Yes, I think they mean they’ve recommended it 3x in SA.
Is MKL subject to foreign tax withholding?
Don’t know what country you pay taxes in, but Markel doesn’t pay a dividend, which is the only foreign withholding tax I’m aware of. They do have some offshore subsidiaries, like most insurance companies, but they’re a US company and are headquartered in Virginia.
Why Shares of Markel Rose 14.8% in the First Half of the Year
The specialty insurer saw improving profitability compared to last year.
Courtney Carlsen, (TMFCourtCarlsen)
Jul 14, 2021 at 11:16AM
Link to Article: Why Shares of Markel Rose 14.8% in the First Half of the Year | The Motley Fool
Travis: thanks for the update on MKL. It’s an interesting company. Will wait until the next crash before buying the stock.
For insurance investments, I Bought shares of BRK-B in 2006 at 65 and again 2016 at 158.00. Also AXS in 2017 at 50 and 39 in 5/2020. Bought a few Google shares at 770 and 1070 between 2016-2018. They are core holdings for me. During WuFlu crash in March 2020 I thought the smallish asset manager Alliance Bernstein Holdings (AB) at 17.20 was fairly attractive so I added to a position; and similarly when BIP converted from a LP to a Corporate taxed structure as BIPC at a bargain prices was also a buying opportunity driven by institutional buyers. The latter two are dividend payers with nice yields that have done well though the latter is highly leveraged. The big issue for me is the vulnerability of all financial stocks if inflation takes hold and interest rates begin to rise or if the market rerates the PE’s with rising prices and higher interest rates.
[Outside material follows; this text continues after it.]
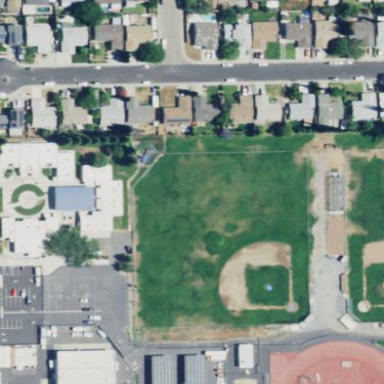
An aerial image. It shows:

Your thoughts would be appreciated.
how does markel compare to Chubb
The short answer is that Markel is more specialized, smaller, and usually valued at less of a premium. Chubb is arguably the best in the business.
So I guess the question is — why do you seem to prefer MKL for investment, particularly for what you describe as your core holdings
Markel is usually cheaper, than Chubb, and while its reputation as an underwriter is arguably a step below Chubb’s they still have a strong and consistently profitable specialty insurance business, and have a better long-term investment portfolio strategy for compounding the value of the business (including Markel venture).
That may just be 20 years of familiarity speaking, too, but when you develop a strong understanding of a business and have a lot of trust in management, I think it’s best to build on that rather than overthink it.
Thanks Travis~! I truly enjoy reading your commentaries and appreciate your wisdom and wit!